Strategische Entscheidungen über Plattformen wirken nur, wenn sie auch operativ getragen werden können. Eine Open-Source-Wahl ohne internen Aufbau verschiebt die Abhängigkeit lediglich. Die Hanebutt Gruppe hat den richtigen Weg gewählt: Plattformwechsel und Kompetenzaufbau in einem Schritt.

L - 002

Externes Wissen ist sinnvoll, wenn es zeitlich begrenzt ist und Wissen hinterlässt.
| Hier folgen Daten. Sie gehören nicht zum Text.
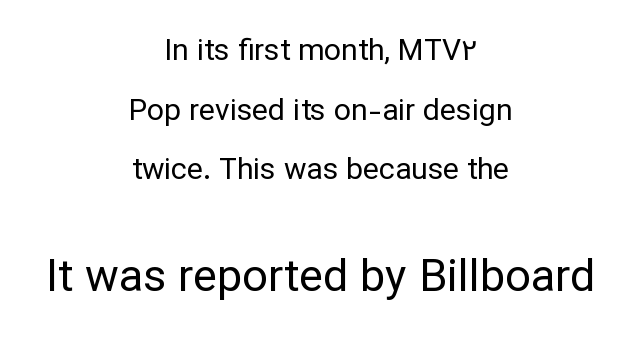
Q: Is the text bold? A: No.
Q: Is the text italic (slanted)? A: No, it is upright.
Q: Is the typeface a serif or a sans-serif typeface? A: Sans-serif.
Q: Is the text underlined? A: No.
Q: How is the paragraph aligned? A: Centered.
Q: Is the spacing between letters normal or unusually wide? A: Normal.
Q: Is the spacing between lines tight, normal or loose? A: Loose.
Q: Which block of text is set in a larger size, the first (top) or the second (bottom)? A: The second (bottom) one.
Q: Width (condensed, normal, or wide)? A: Normal.
Q: Stroke contrast? A: Low.
Q: x-height? A: Medium.
Q: Monospaced? A: No.
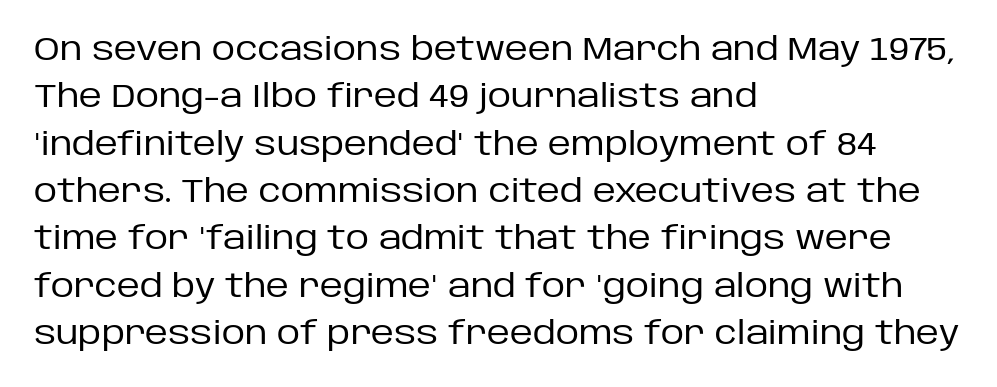
Q: Is the text bold? A: No.
Q: Is the text italic (slanted)? A: No, it is upright.
Q: Is the typeface a serif or a sans-serif typeface? A: Sans-serif.
Q: Is the text underlined? A: No.
Q: How is the paragraph aligned? A: Left-aligned.
Q: Is the spacing between letters normal or unusually wide? A: Normal.
Q: Is the spacing between lines tight, normal or loose? A: Normal.
Q: Width (condensed, normal, or wide)? A: Normal.
Q: Stroke contrast? A: Low.
Q: x-height? A: Large.
Q: Monospaced? A: No.
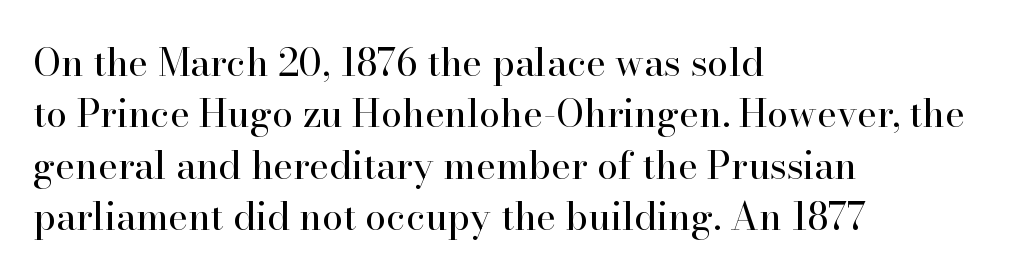
Q: Is the text bold? A: No.
Q: Is the text italic (slanted)? A: No, it is upright.
Q: Is the typeface a serif or a sans-serif typeface? A: Serif.
Q: Is the text underlined? A: No.
Q: How is the paragraph aligned? A: Left-aligned.
Q: Is the spacing between letters normal or unusually wide? A: Normal.
Q: Is the spacing between lines tight, normal or loose? A: Normal.
Q: Width (condensed, normal, or wide)? A: Normal.
Q: Stroke contrast? A: High.
Q: x-height? A: Small.
Q: Monospaced? A: No.
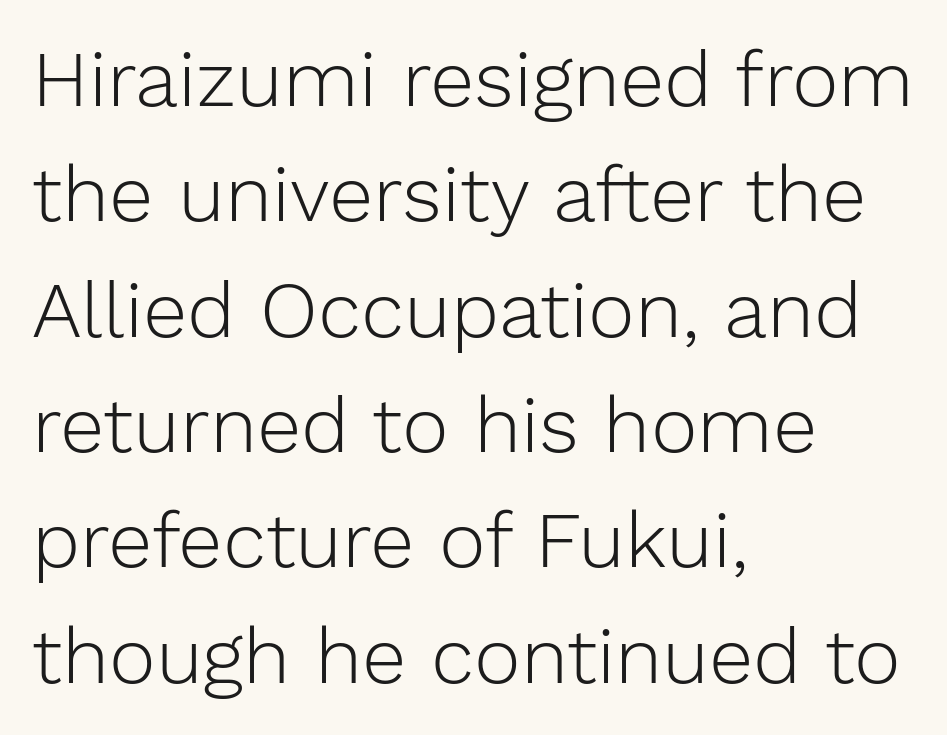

Wer einen Partner über die Migration hinaus für alle Routinetätigkeiten braucht, hat nicht migriert, sondern Verantwortung delegiert. Bei der Hanebutt Gruppe war Befähigung von Anfang an Teil des Auftrags, nicht ein optionales Add-on.

L - 003

Sechs Wochen sind keine Sprintleistung, sondern das Ergebnis sauberer Vorbereitung. Was von außen schnell wirkt, basiert auf Lagebild, klaren Schritten und definierten Rückfallpunkten. In Projekten dieser Größenordnung entscheidet die Vorarbeit, nicht das Tempo am Tag des Cutovers.